The room of our random experiments
by Chaitanya
TD learning refers to a broad class of Reinforcement Learning algorithms that learn by bootstrapping from the current estimate of the value function.
For some policy $\pi$, we want to estimate the value $v^\pi(s)$ of all the states $s \in \mathcal{S}$. Suppose we are given a sequence of states, actions and rewards $(s_0, a_0, r_1, s_1, a_1, r_2, \ldots)$ generated by following the policy $\pi$, we can construct a simple TD algorithm to estimate $v^\pi(s)$ as follows:
\[\begin{align*} v_{t+1}(s_t) &= v_t(s_t) - \alpha \big[v_t(s_t) - (r_{t+1} + \gamma v_t(s_{t+1}))\big] \\ v_{t+1}(s) &= v_t(s) \quad \text{for } s \neq s_t \end{align*}\]Here, $v_t(s)$ is the estimate of $v^\pi(s)$ at time $t$, $\alpha$ is the step-size parameter. This TD algorithm can be thought of as a special case of the stochastic approximation algorithm for solving the Bellman equation for $v^\pi$:
\[\begin{align} v^\pi(s) &= \mathbb{E}_\pi \big[ R_{t+1} + \gamma G_{t+1} \mid S_t = s \big] \\ &= \mathbb{E}_\pi \big[ R_{t+1} + \gamma v^\pi(S_{t+1}) \mid S_t = s \big] \label{TD-value} \end{align}\]This TD algorithm can be derived by applying robbins-monro algorithm to the above Bellman equation:
For evey state, we define a function \(g(v_\pi(s)) = v_\pi(s) - \mathbb{E}_\pi \big[ R_{t+1} + \gamma v_\pi(S_{t+1}) \mid S_t = s \big]\).

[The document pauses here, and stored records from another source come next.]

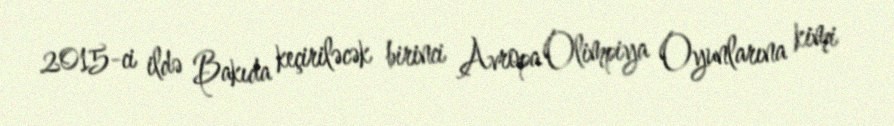
2015-ci ildə Bakıda keçiriləcək birinci Avropa Olimpiya Oyunlarına kimi
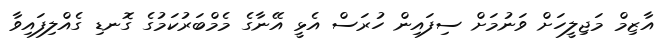
އާޒިމް މަޖިލީހަށް ވަނުމަށް ސިފައިން ހުރަސް އެޅީ އޭނާގެ މެމްބަރުކަމުގެ ގޮނޑި ގެއްލިފައިވާ
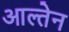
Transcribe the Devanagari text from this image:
आल्तेन
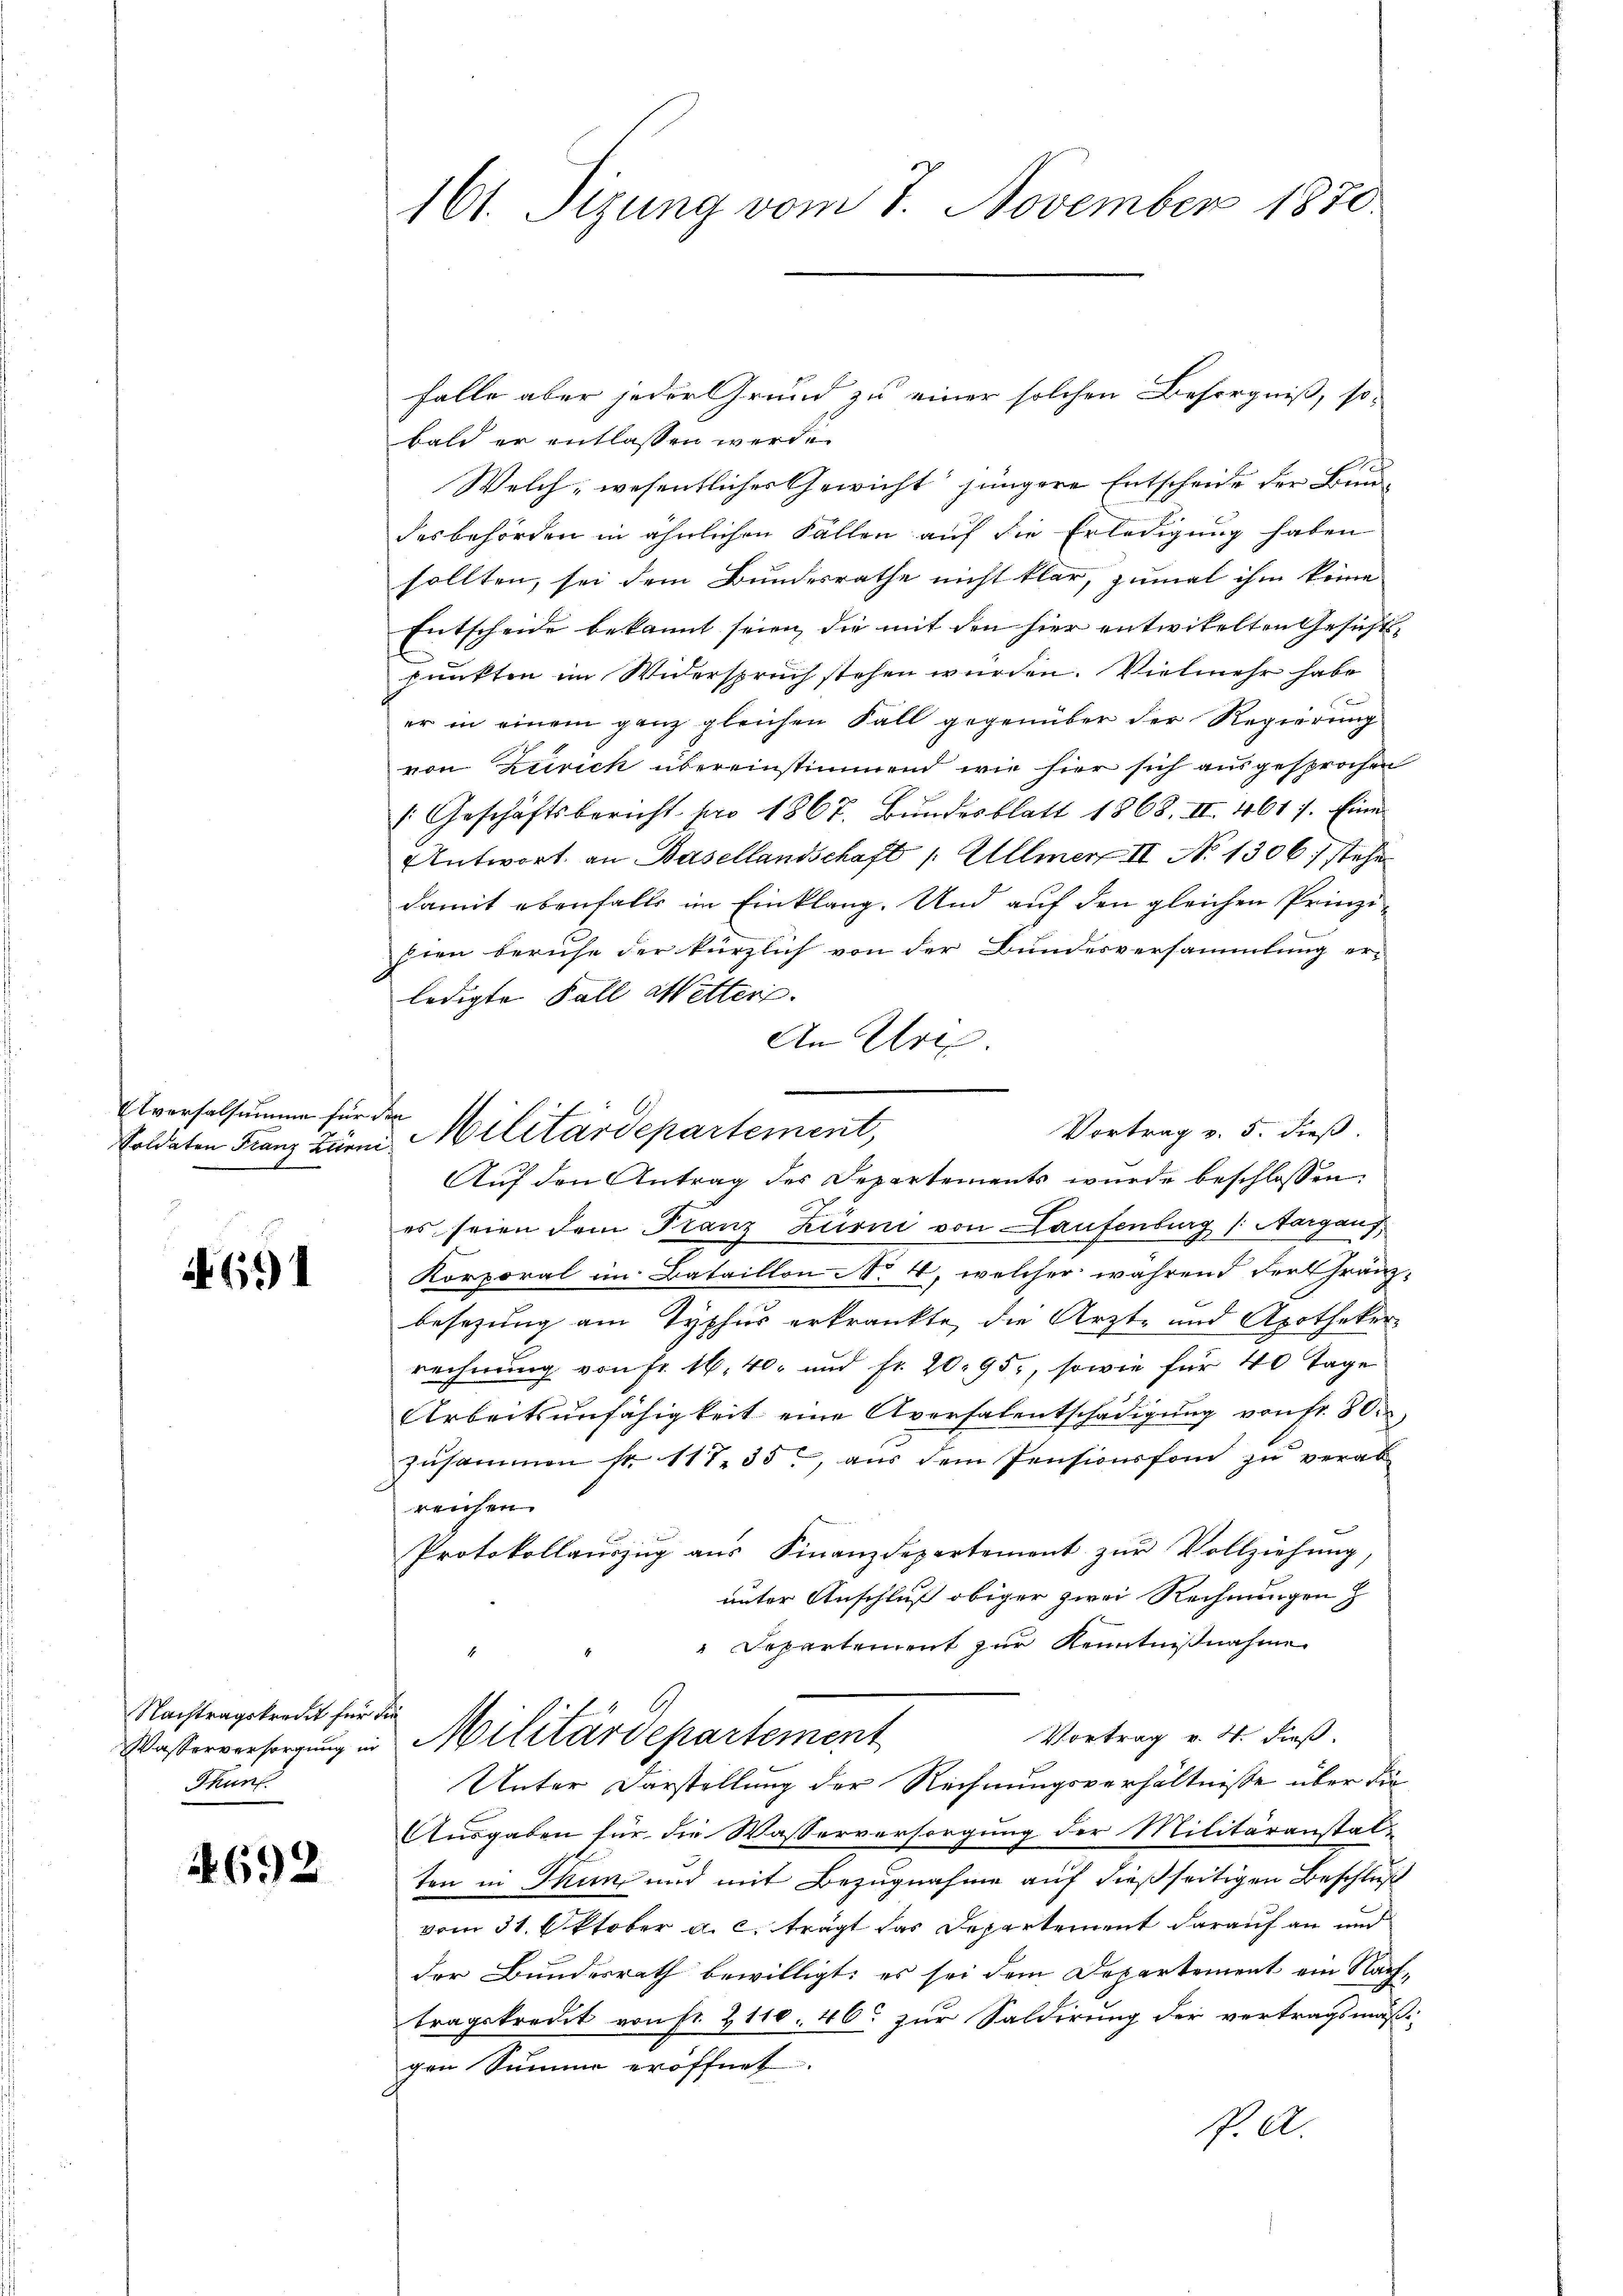
Aversalsumme für
Soldaten Franz zur

691

Nachtragskredit für die
Thun.

1692

161. Sizung vom 7. November 1870.

falle aber jeder Grund zu einer solchen Besorgniß, so-
bald er entlassen werd.
Welch, wesentliches Gewicht jüngere Entscheide der Baudesbehörden in ähnlichen Fällen auf die Erledigung haben
sollten, sei dem Bundesrathe nicht klar, zumal ihm keine
Entscheide bekannt seien, die mit den hier entwikelten Gesichtspunkten im Widerspruch stehen wurden. Vielmehr habe
er in einem ganz gleichen Fall gegenüber der Regierung
von Zürich übereinstimmend, wie hier sich ausgesprochen
/ Geschäftsbericht pro 1867. Bŭndesblatt 1868. II 461 f. Eine
Antwort an Basellandschaft 1: Ullmer II No 1306 stehe
damit ebenfalls im Einklang. Und auf den gleichen Prinzi
hien beruhe der kürzlich von der Bundesversammlung er-
ledigte Fall alletter.
An Urt
e
Aŭf den Antrag des Departements wurde beschlossen:
es seien dem Franz Zurni von Laufenburg (Aargaus,
Korporal im Bataillon N. 4, welcher während der Franzbesezung am Typhus erkränkte, die Arzt- und Apotheker-
rechnung von Fr. 16, 40 und fr. 20. 95, sowie für 40 Tage
Arbeitsunfähigkeit eine Aversalentschädigung von Fr. 80.
zŭsammen fr. 111 35. aŭs dem Pensionsfon zŭ verab-
reichen
Protokollauszug aus Finanzdepartement zŭr Vollziehung,
unter Anschluß obiger zwei Rechnungen
Departement zur Kenntnißnahme
Vortrag v. 4. dieß
Wasserversorgung in Militärdepartement
Unter Darstellung der Rechnungsverhältnisse über die
Ausgaben für die Wasserversorgung der Militäranstal
ten in Thun, und mit Bezugnahme auf dießseitigen Beschluß
vom 31. Oktober a. c. trägt das Departement darauf an und
der Bundesrath bewilligt; es sei dem Departement ein Nachtragskredit von fr. 2110. 46 zur Saldirung der vertragsmäßgen Summe eröffnet.
P.A.

u. Militärdepartement,

Vortrag v. 5. dieß.

Hence, the Bellman equation is equivalent to solving \(g(v_\pi(s)) = 0\). Every timestep, we observe a noisy sample of \(g(v_\pi(s))\):
\[\begin{equation*} \begin{split} \tilde{g}(v_\pi(s_t)) &= v_\pi(s_t) - (r_{t+1} + \gamma v_\pi(s_{t+1}))\\ &= \underbrace{\left( v_\pi(s_t) - \mathbb{E}\big[ R_{t+1} + \gamma v_\pi(s_{t+1}) \mid S_t = s_t \big] \right)}_{g(v_\pi(s_t))} + \underbrace{\left( \mathbb{E}\big[ R_{t+1} + \gamma v_\pi(s_{t+1}) \mid S_t = s_t \big] - (r_{t+1} + \gamma v_\pi(s_{t+1})) \right)}_{\eta_t} \end{split} \end{equation*}\]Therefore, Robbins-Monro algorithm for solving $g(v_\pi(s)) = 0$ gives us the TD update rule:
\[\begin{equation*} \begin{split} v_{t+1}(s_t) &= v_t(s_t) - \alpha \tilde{g}(v_t(s_t)) \\ &= v_t(s_t) - \alpha \big[v_t(s_t) - (r_{t+1} + \gamma v_\pi(s_{t+1}))\big] \end{split} \end{equation*}\]Note that this assumes that we alread have the correct value estimates for every other state \(s \neq s_t\). If we were to estimate the value function for all states, there would have been \(v_{t}(s_{t+1})\) instead of \(v_\pi(s_{t+1})\) in the above equation. Nevertheless, as shown later, this algorithm still converges to the correct value function if we estimate the value function for all states.
Therefore, for $0 < \alpha < 1$, the estimate $v_{t+1}(s_t)$ is closer to the TD target $\overline{v}_t$ than $v_t(s_t)$.